Behavioral/Systems/Cognitive
Melanin Concentrating Hormone Regulates Hypocretin Neurons
Yan Rao, Min Lu, Fei Ge, Donald J. Marsh, Su Qian, Alex Hanxiang Wang, Marina R. Picciotto, and Xiao-Bing Gao
(see pages 9101–9110)
The neuropeptides hypocretin (aka orexin) and melanin concentrating hormone (MCH) are secreted by different neurons in the hypothalamus. In addition to projecting broadly throughout the brain, hypocretin- and MCH-expressing neurons innervate each other. They regulate body functions such as wakefulness, food intake, and reward. Hypocretin and dopamine increase spike frequency in hypocretin neurons by enhancing glutamate release from presynaptic terminals, and hypocretin also depolarizes MCH neurons. But the effect of MCH on hypocretin neurons is unknown. To address this question, Rao et al. used MCH receptor-1 knock-out mice. The basal firing rate of hypocretin neurons was similar in mutant and wild-type mice, but hypocretin- and dopamine-induced increases in firing were greater in mutants. In addition, miniature EPSCs in hypocretin neurons were larger in mutant mice than in controls. The results suggest that MCH exerts an inhibitory effect on hypocretin neurons, acting as negative feedback that counteracts positive feedback produced by hypocretin.
Neurobiology of Disease
Status Epilepticus Triggers Functional Changes in Microglia
Elena Avignone, Lauriane Ulmann, Françoise Levavasseur, François Rassendren, and Etienne Audinat
(see pages 9133–9144)
Injured neurons and glia release ATP, which activates microglia via purinergic receptors, thus triggering migration, phagocytosis, and release of inflammatory mediators.

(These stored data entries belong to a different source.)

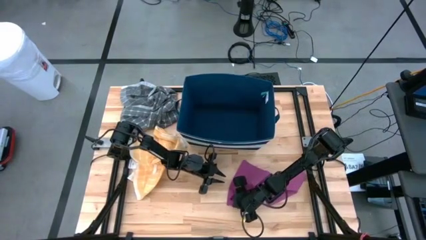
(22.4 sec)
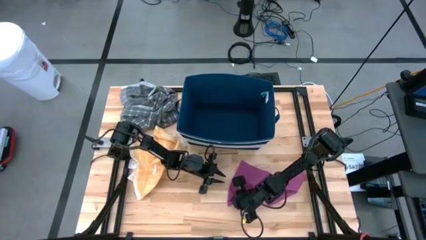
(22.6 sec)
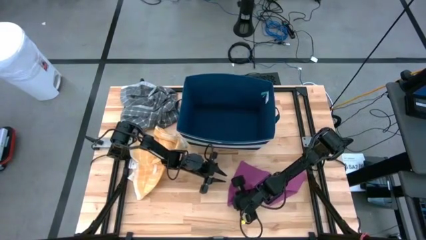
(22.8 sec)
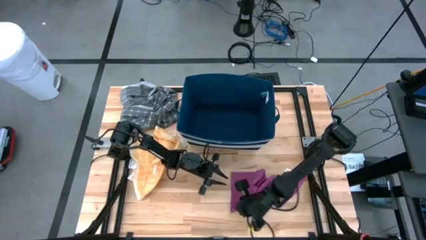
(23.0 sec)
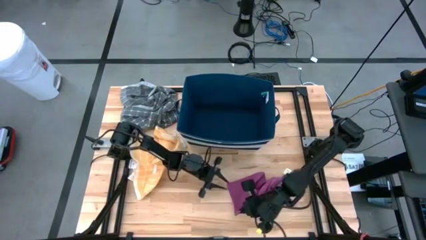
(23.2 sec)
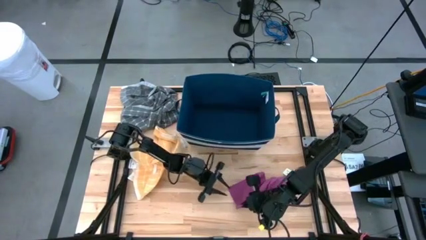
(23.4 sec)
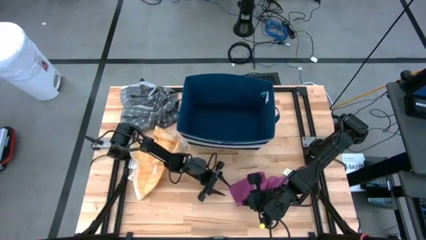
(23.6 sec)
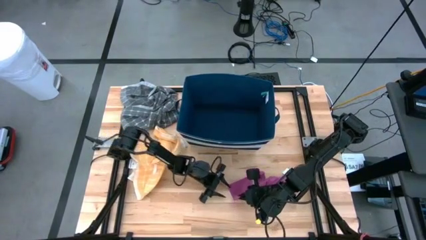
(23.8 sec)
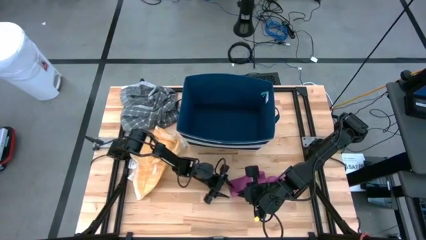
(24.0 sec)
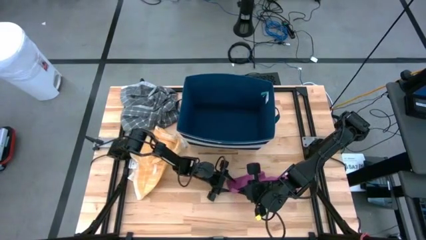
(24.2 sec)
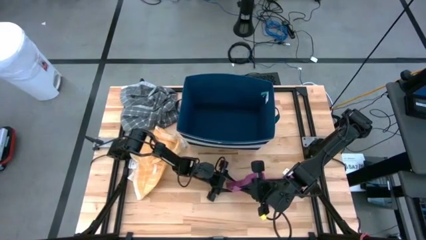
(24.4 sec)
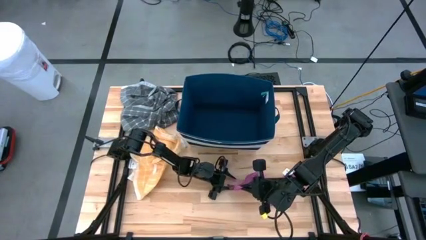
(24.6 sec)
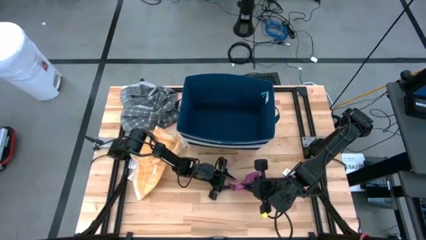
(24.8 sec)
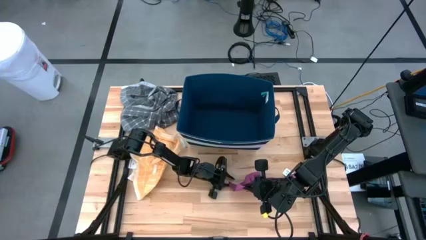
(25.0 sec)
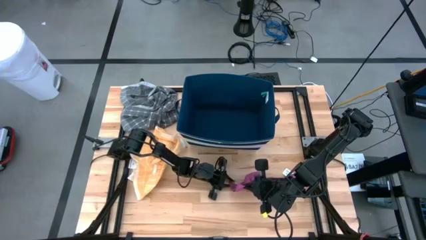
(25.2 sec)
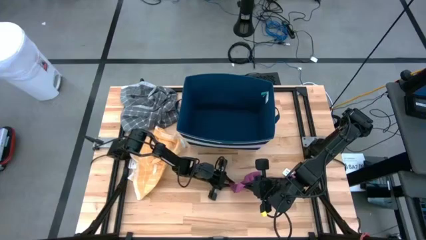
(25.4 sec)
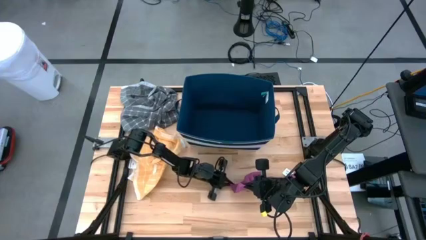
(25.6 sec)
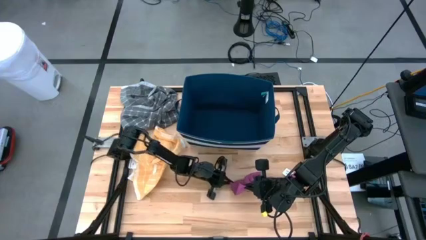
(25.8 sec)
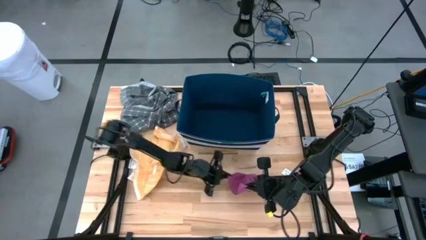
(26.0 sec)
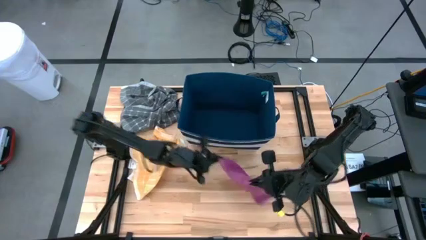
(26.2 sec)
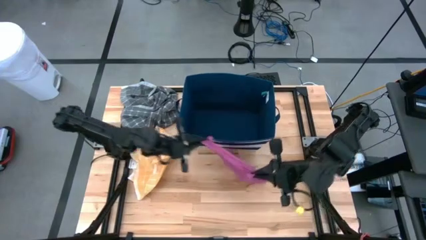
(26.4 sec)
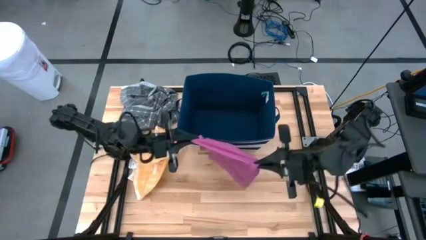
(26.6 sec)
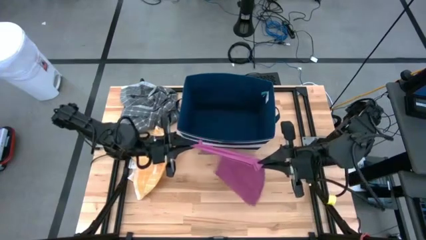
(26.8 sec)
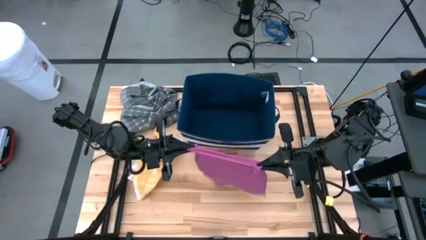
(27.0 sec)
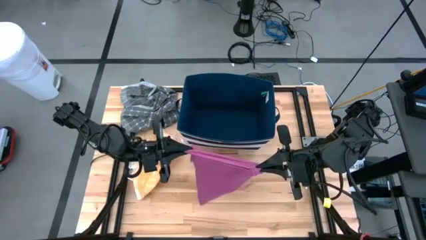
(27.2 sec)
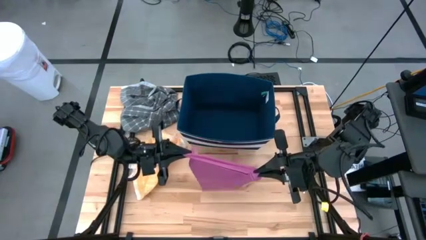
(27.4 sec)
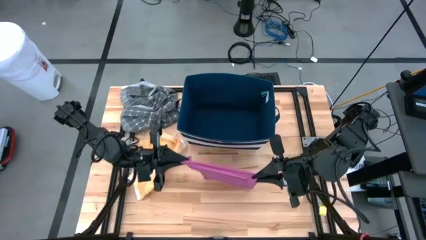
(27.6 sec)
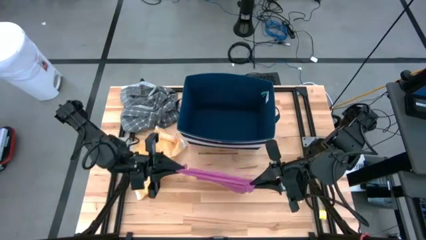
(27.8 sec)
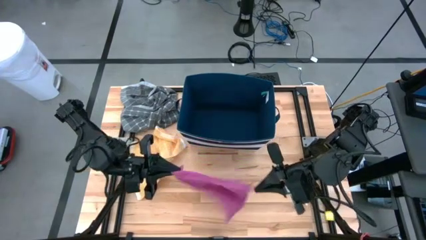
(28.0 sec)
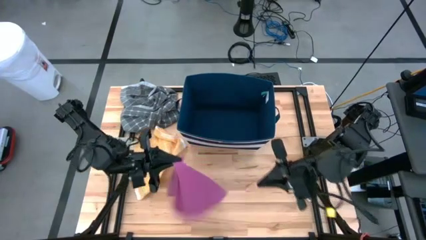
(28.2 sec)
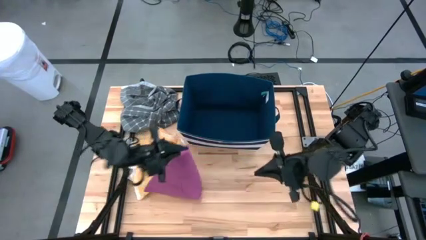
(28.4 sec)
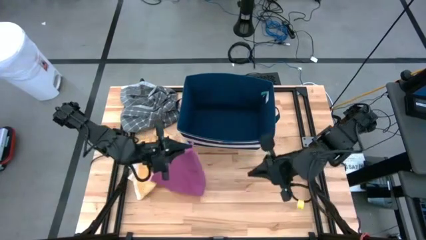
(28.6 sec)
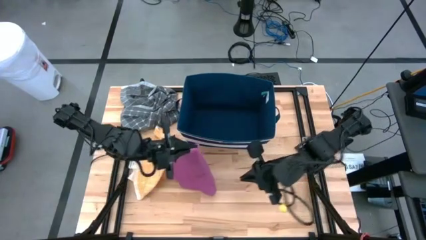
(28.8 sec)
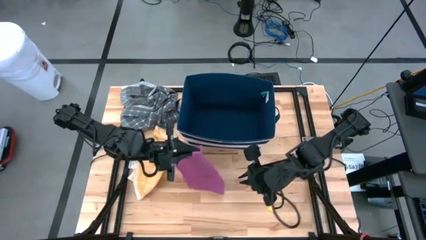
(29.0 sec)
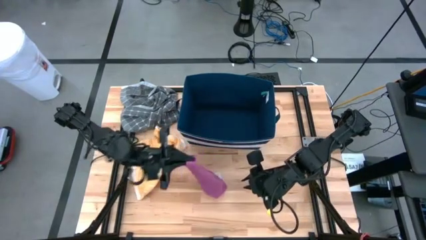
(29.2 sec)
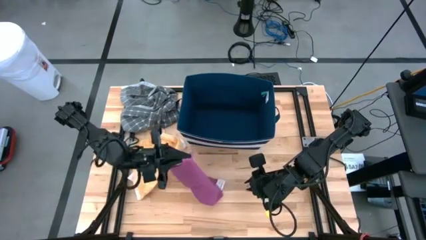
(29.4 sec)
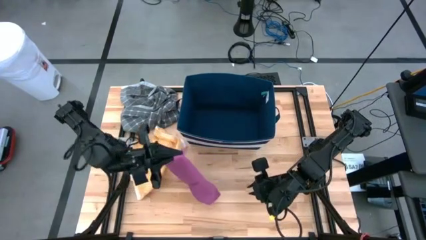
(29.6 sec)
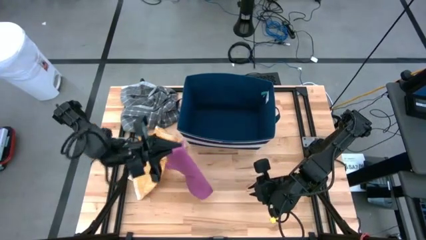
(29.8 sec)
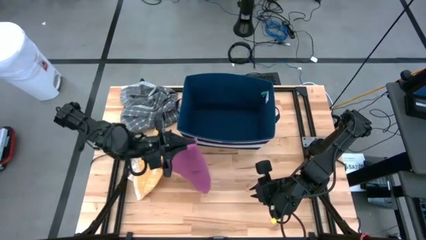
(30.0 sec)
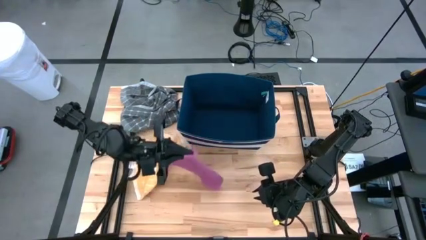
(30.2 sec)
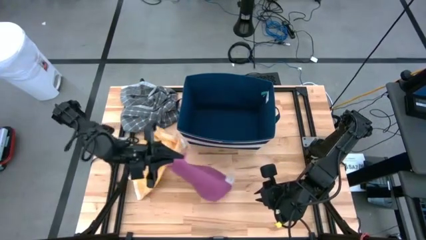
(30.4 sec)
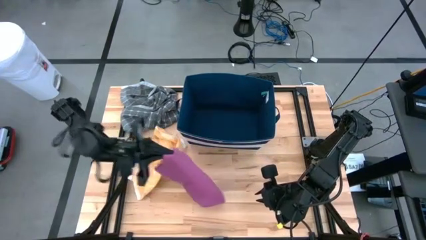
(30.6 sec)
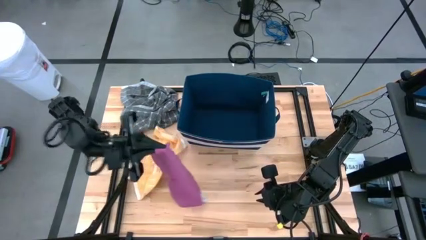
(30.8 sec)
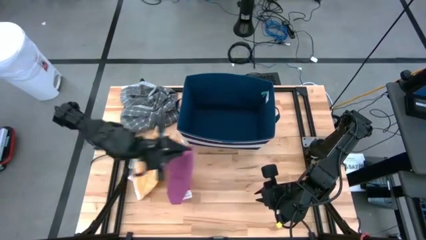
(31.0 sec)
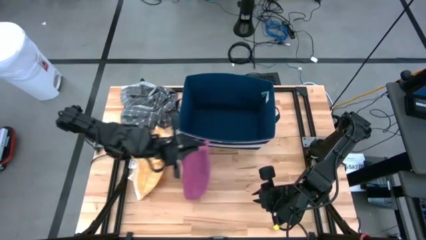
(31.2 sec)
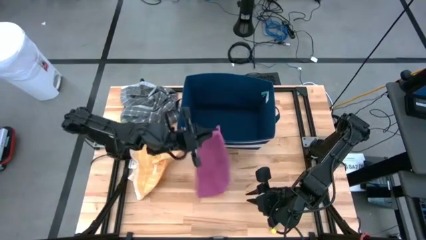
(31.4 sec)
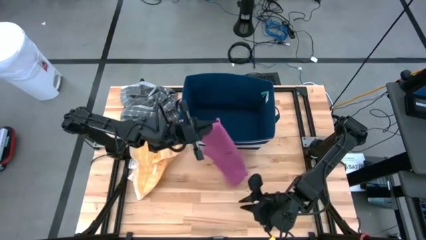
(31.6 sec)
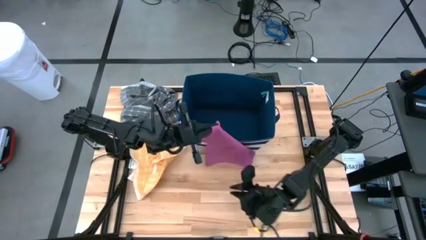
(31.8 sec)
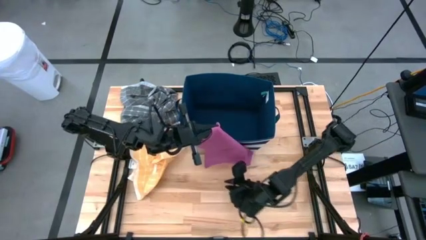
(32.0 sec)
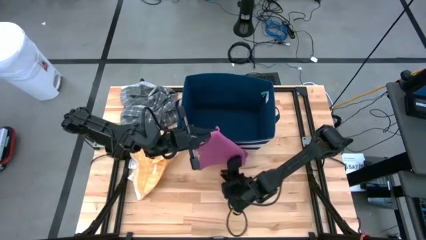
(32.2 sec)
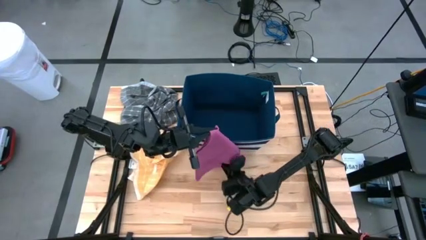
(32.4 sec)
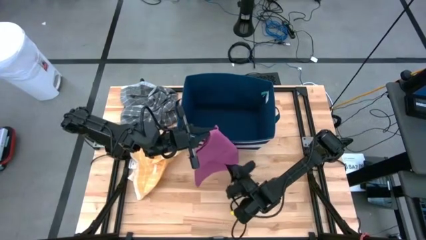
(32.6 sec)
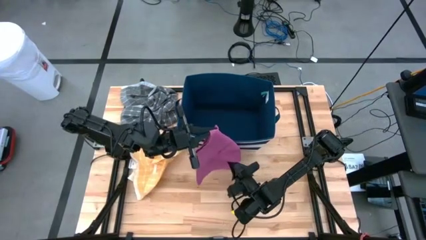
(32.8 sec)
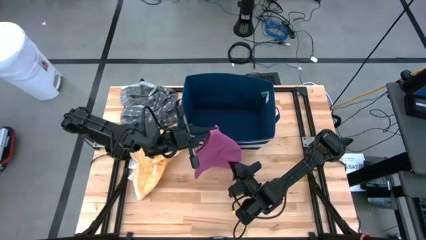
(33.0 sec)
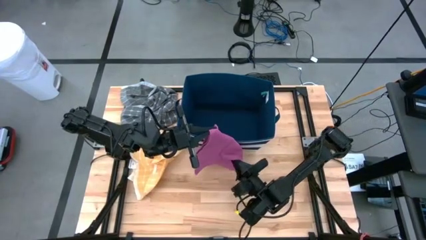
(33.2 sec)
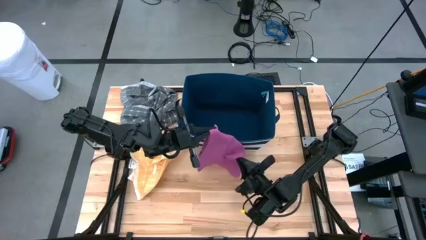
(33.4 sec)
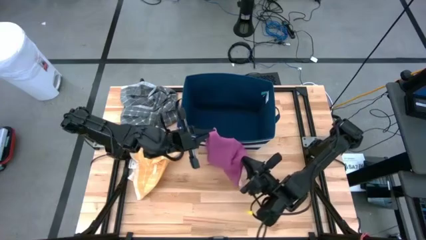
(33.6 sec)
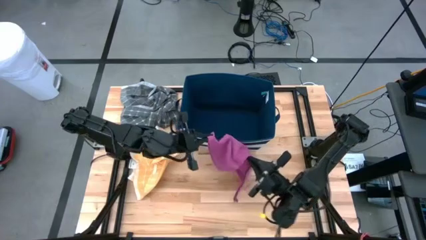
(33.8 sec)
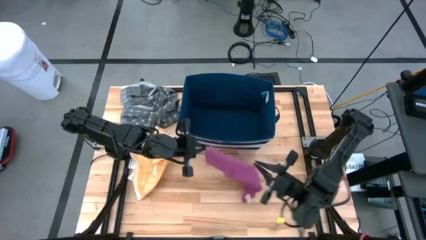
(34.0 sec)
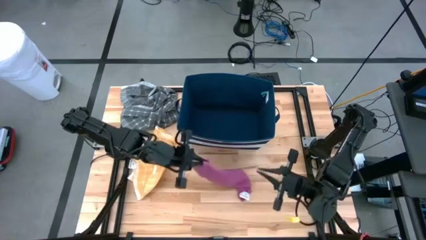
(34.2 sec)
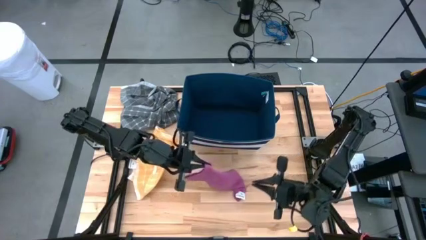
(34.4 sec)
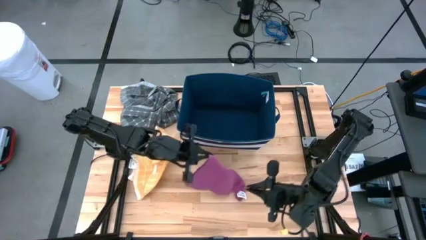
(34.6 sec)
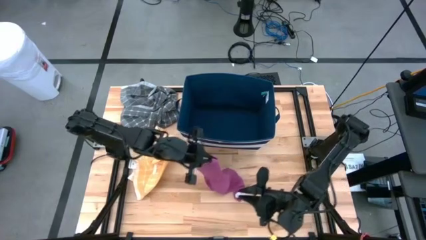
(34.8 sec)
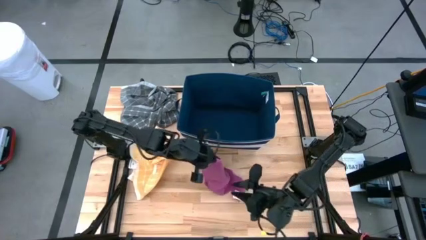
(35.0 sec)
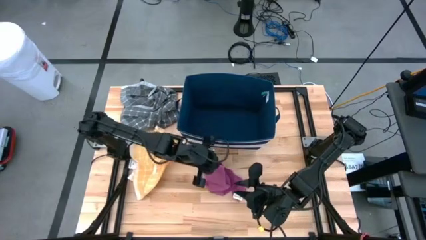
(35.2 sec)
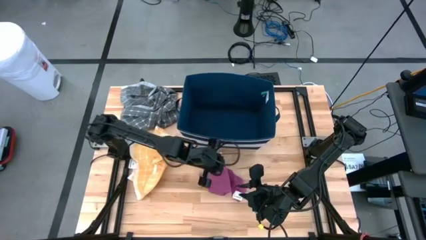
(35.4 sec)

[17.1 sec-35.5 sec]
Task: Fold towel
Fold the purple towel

Because identifying microglia in situ is difficult, little is known about the activation process in vivo. Avignone et al. used mice in which GFP was expressed specifically in microglia (enabling identification) to elucidate changes that occur in these cells after kainate-induced status epilepticus, a model of epilepsy. Within 3 h after kainate injection, inflammatory mediators increased in the hippocampus, and expression of a purinergic receptor that regulates phagocytosis was upregulated. By 48 h, levels of all microglial purinergic receptors were elevated—including P2Y12, which is downregulated in other injury models. In addition, activated microglia proliferated, grew larger, and extended thicker processes that extend more quickly toward a source of purinergic agonist than controls. Finally, whole-cell recordings in hippocampal slices revealed a voltage-activated potassium current in activated microglia that was not present in controls.
Purinergic receptors, including P2Y12 receptors (red), are upregulated in activated microglia cells (green) 48 h after status epilepticus (right) compared to controls (left). See the article by Avignone et al. for details.